▶
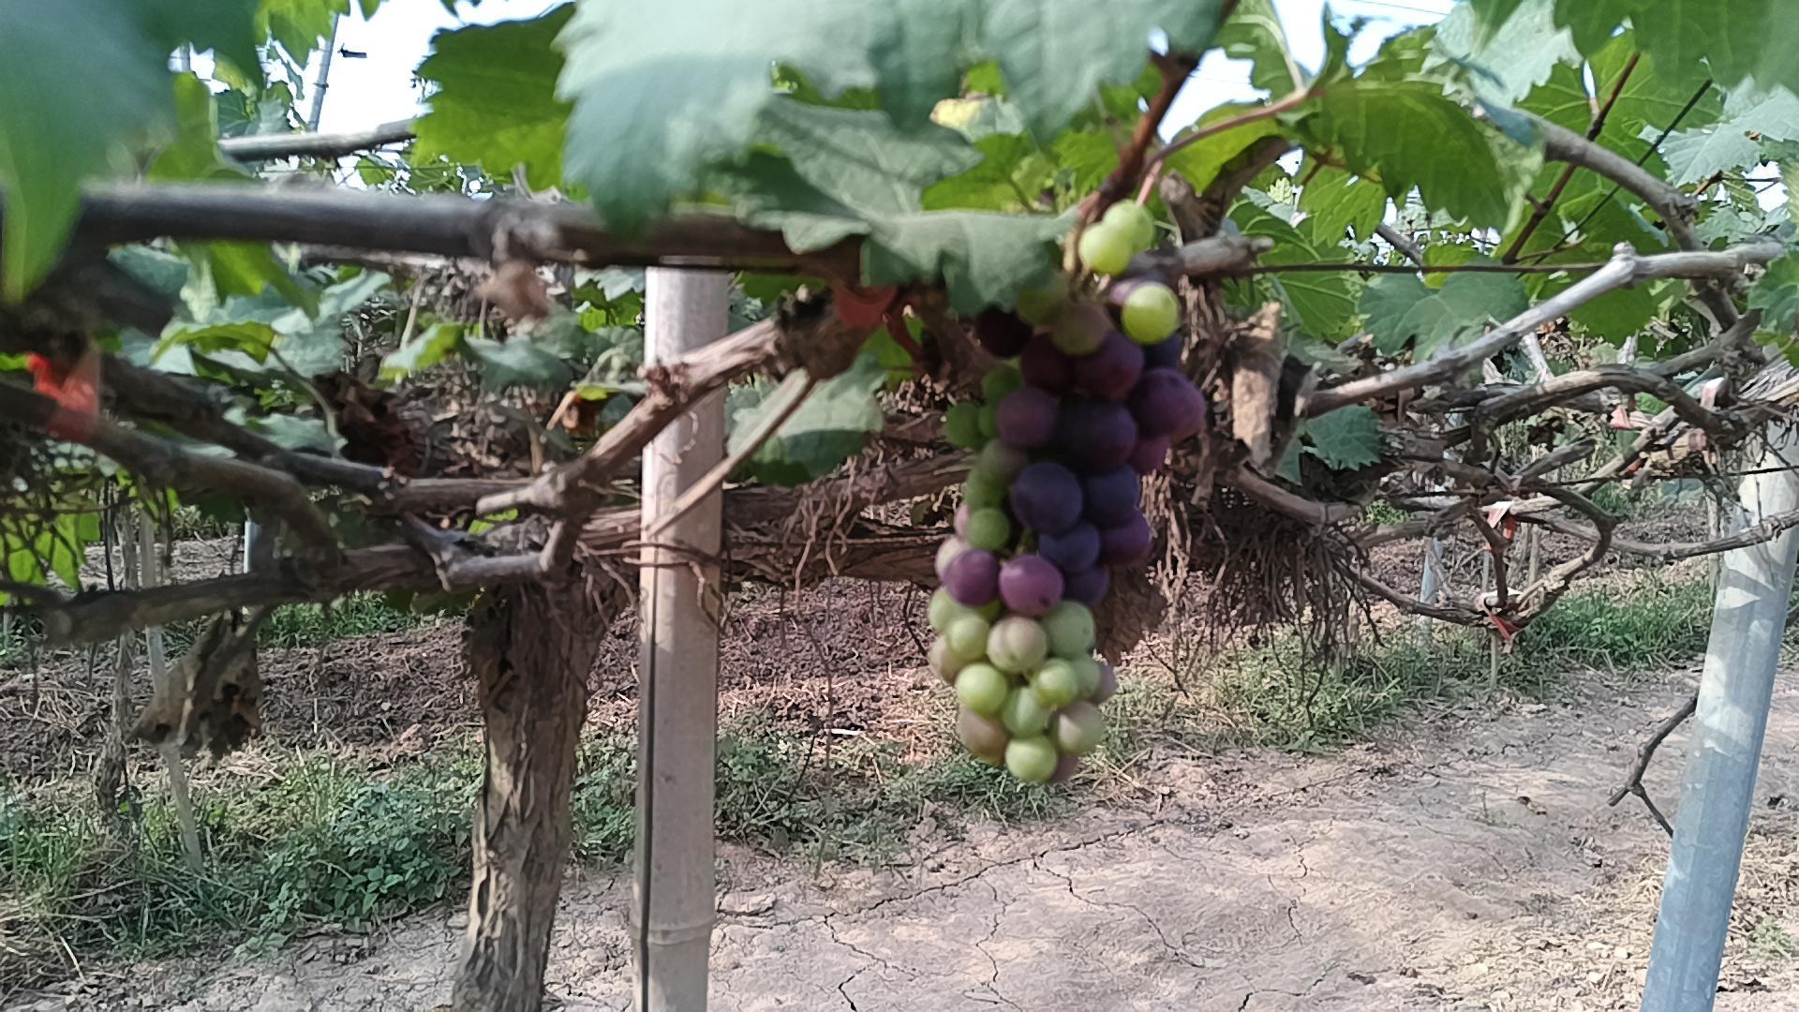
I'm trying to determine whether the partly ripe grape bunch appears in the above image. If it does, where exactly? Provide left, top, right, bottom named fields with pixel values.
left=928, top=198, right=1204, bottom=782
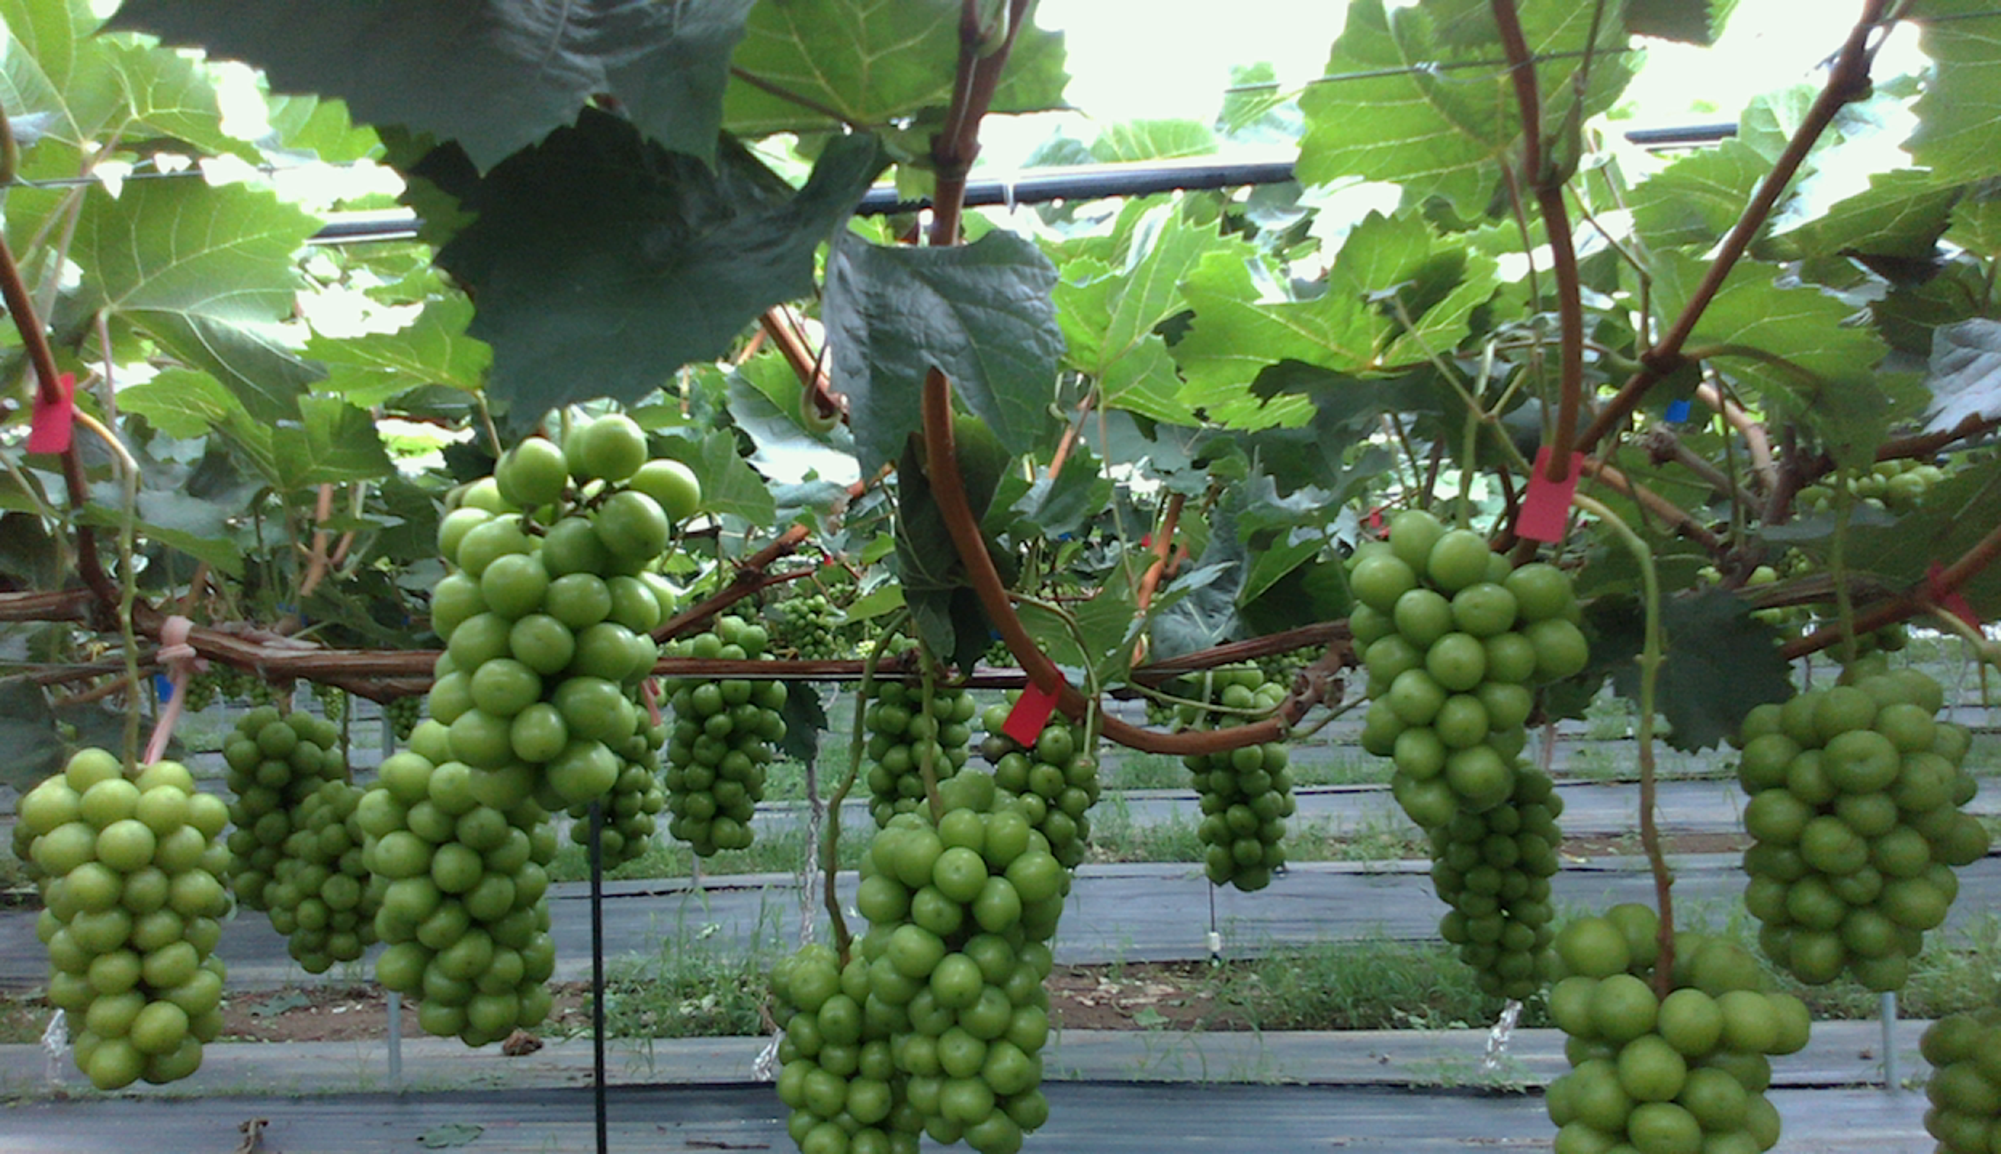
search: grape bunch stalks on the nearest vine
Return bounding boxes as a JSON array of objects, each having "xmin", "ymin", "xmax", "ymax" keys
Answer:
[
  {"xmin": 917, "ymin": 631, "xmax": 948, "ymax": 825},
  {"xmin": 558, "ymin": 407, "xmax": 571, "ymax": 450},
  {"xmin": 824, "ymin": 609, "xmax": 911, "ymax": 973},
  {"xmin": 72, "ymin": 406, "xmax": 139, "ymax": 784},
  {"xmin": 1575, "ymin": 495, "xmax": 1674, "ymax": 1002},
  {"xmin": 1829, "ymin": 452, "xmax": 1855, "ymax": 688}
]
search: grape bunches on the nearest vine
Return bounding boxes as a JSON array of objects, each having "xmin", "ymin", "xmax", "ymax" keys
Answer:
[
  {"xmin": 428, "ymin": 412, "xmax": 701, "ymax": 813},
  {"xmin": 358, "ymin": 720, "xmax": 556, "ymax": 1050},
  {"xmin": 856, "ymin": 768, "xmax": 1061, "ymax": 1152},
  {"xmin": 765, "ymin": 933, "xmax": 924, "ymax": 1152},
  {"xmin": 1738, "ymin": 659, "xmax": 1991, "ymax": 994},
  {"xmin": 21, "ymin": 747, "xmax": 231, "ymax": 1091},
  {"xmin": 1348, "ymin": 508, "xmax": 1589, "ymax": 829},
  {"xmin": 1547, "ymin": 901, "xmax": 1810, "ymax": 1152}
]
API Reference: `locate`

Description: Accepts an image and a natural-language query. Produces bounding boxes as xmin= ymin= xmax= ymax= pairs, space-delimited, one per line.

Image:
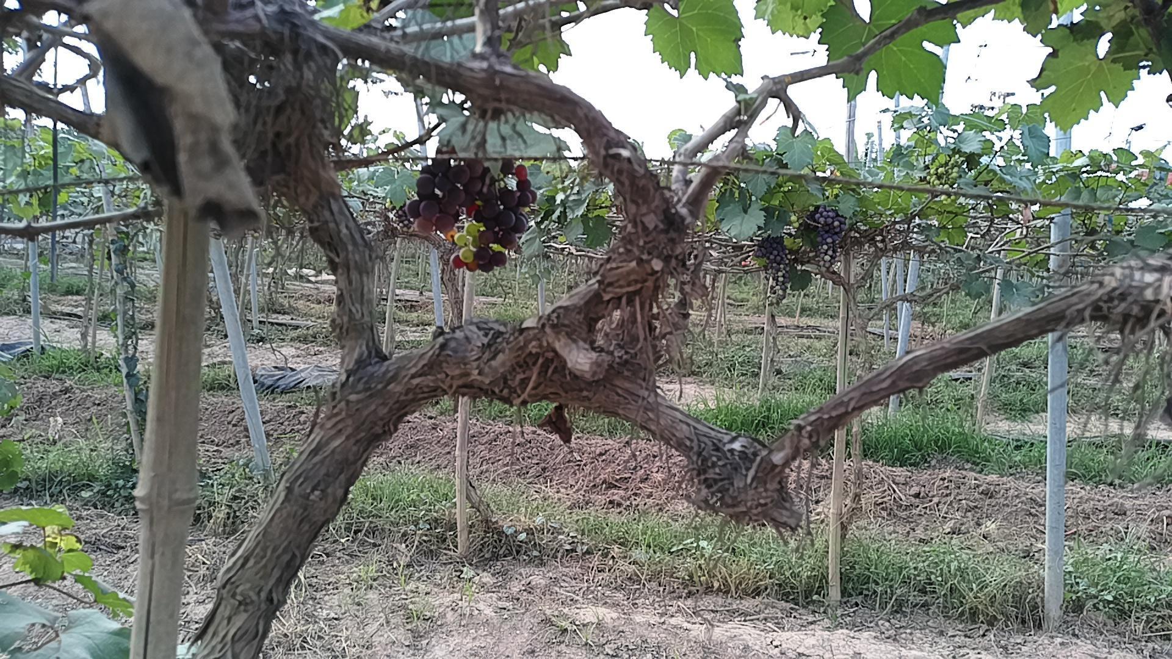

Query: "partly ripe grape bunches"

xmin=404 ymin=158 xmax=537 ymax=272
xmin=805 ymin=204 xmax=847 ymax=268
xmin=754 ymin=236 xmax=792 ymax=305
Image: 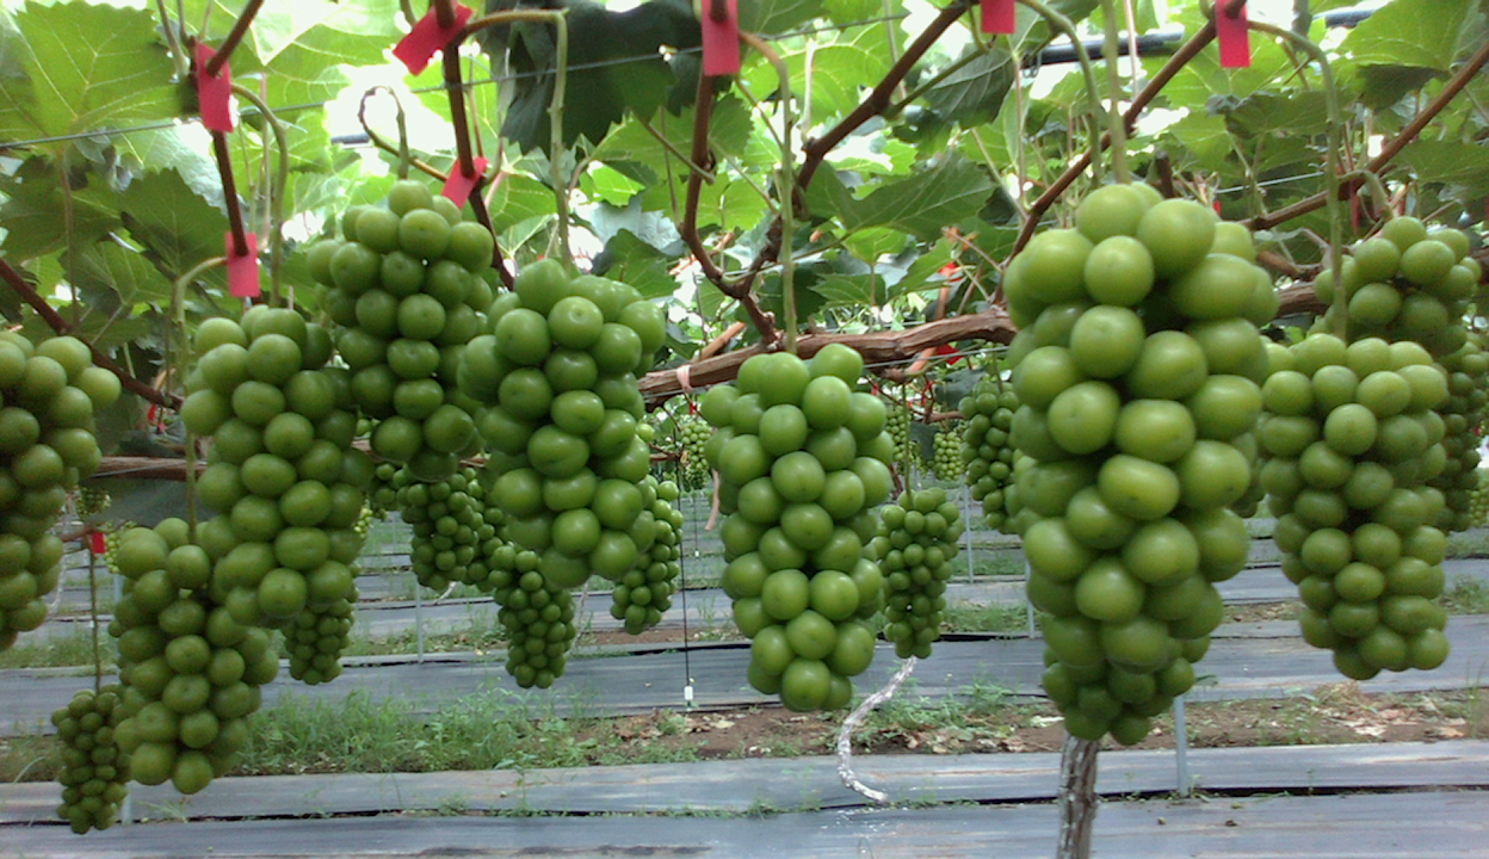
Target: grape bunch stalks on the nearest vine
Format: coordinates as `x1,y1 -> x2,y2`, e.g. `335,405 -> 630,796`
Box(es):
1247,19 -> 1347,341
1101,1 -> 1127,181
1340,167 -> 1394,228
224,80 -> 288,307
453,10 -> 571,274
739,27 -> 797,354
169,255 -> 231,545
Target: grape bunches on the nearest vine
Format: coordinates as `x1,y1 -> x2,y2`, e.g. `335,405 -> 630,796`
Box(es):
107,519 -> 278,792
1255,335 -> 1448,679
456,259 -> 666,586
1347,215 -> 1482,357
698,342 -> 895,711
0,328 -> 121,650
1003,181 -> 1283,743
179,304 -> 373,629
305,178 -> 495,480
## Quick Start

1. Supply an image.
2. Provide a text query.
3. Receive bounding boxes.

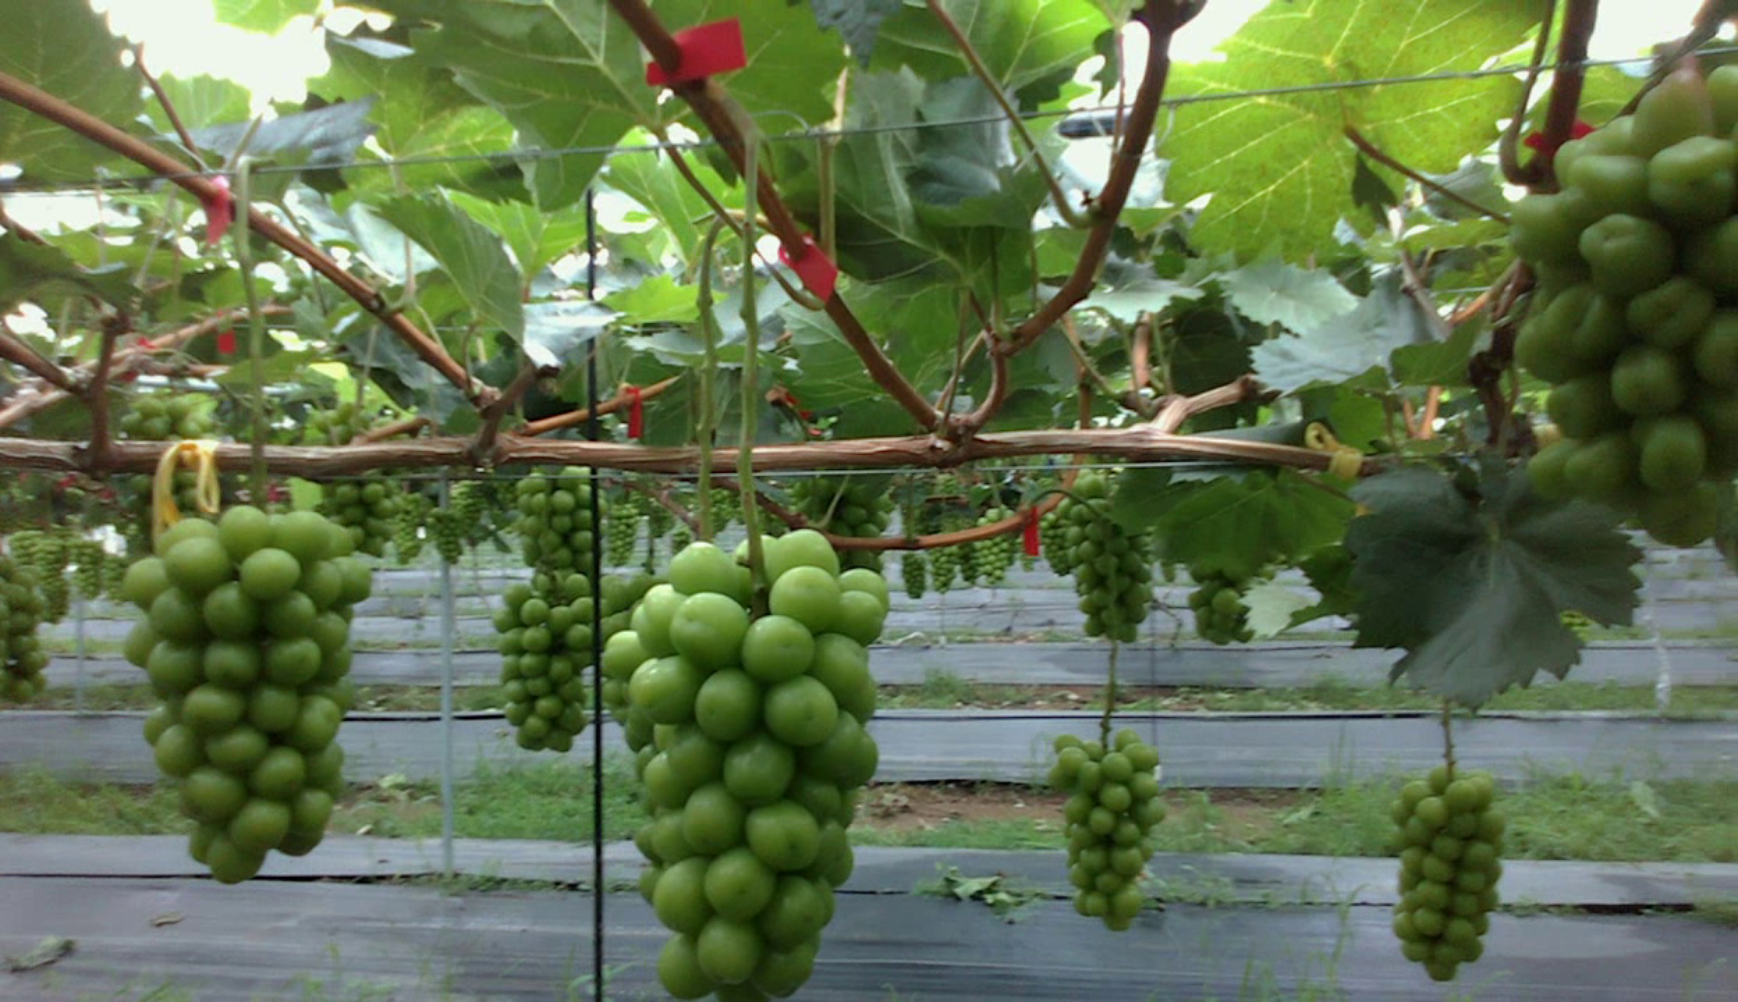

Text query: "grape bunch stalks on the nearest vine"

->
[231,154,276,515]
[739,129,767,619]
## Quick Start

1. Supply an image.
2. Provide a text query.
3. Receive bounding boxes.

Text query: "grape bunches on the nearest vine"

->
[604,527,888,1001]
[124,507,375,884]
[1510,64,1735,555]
◀
_ASSIGNMENT_
Please return all of the entries word for word, excluding the pictures.

_ANSWER BOX_
I'm trying to determine whether the partly ripe grape bunch appears in the above image. If it does, where exactly? Provide left, top, right, bottom named fields with pixel values.
left=928, top=198, right=1204, bottom=782
search: grape bunch stalks on the nearest vine
Return bounding boxes as a JSON array of objects, each having "xmin", "ymin", "xmax", "ymax" keys
Answer:
[
  {"xmin": 917, "ymin": 631, "xmax": 948, "ymax": 825},
  {"xmin": 558, "ymin": 407, "xmax": 571, "ymax": 450},
  {"xmin": 824, "ymin": 609, "xmax": 911, "ymax": 973},
  {"xmin": 72, "ymin": 406, "xmax": 139, "ymax": 784},
  {"xmin": 1575, "ymin": 495, "xmax": 1674, "ymax": 1002},
  {"xmin": 1829, "ymin": 452, "xmax": 1855, "ymax": 688}
]
search: grape bunches on the nearest vine
Return bounding boxes as a JSON array of objects, each having "xmin", "ymin", "xmax", "ymax" keys
Answer:
[
  {"xmin": 428, "ymin": 412, "xmax": 701, "ymax": 813},
  {"xmin": 358, "ymin": 720, "xmax": 556, "ymax": 1050},
  {"xmin": 856, "ymin": 768, "xmax": 1061, "ymax": 1152},
  {"xmin": 765, "ymin": 933, "xmax": 924, "ymax": 1152},
  {"xmin": 1738, "ymin": 659, "xmax": 1991, "ymax": 994},
  {"xmin": 21, "ymin": 747, "xmax": 231, "ymax": 1091},
  {"xmin": 1348, "ymin": 508, "xmax": 1589, "ymax": 829},
  {"xmin": 1547, "ymin": 901, "xmax": 1810, "ymax": 1152}
]
API Reference: `locate`

Description: Accepts an image and a natural-language query. Produces bounding boxes as xmin= ymin= xmax= ymax= pairs, space-delimited, one per line.

Image:

Query: "partly ripe grape bunches"

xmin=404 ymin=158 xmax=537 ymax=272
xmin=805 ymin=204 xmax=847 ymax=268
xmin=754 ymin=236 xmax=792 ymax=305
Image: 
Target: grape bunch stalks on the nearest vine
Format: coordinates as `x1,y1 -> x2,y2`, e.g. `335,405 -> 630,796`
Box(es):
1247,19 -> 1347,341
1101,1 -> 1127,181
1340,167 -> 1394,228
224,80 -> 288,307
453,10 -> 571,274
739,27 -> 797,354
169,255 -> 231,545
Target: grape bunches on the nearest vine
Format: coordinates as `x1,y1 -> x2,y2`, e.g. `335,405 -> 630,796`
Box(es):
107,519 -> 278,792
1255,335 -> 1448,679
456,259 -> 666,586
1347,215 -> 1482,357
698,342 -> 895,711
0,328 -> 121,650
1003,181 -> 1283,743
179,304 -> 373,629
305,178 -> 495,480
## Quick Start

1. Supply an image.
2. Provide a text query.
3. Receive bounding boxes.


Text query: "grape bunch stalks on the nearest vine"

->
[231,154,276,515]
[739,129,767,619]
## Quick Start

1. Supply an image.
2. Provide a text query.
3. Receive bounding boxes.

Text query: "grape bunches on the nearest vine"

->
[604,527,888,1001]
[124,507,375,884]
[1510,64,1735,555]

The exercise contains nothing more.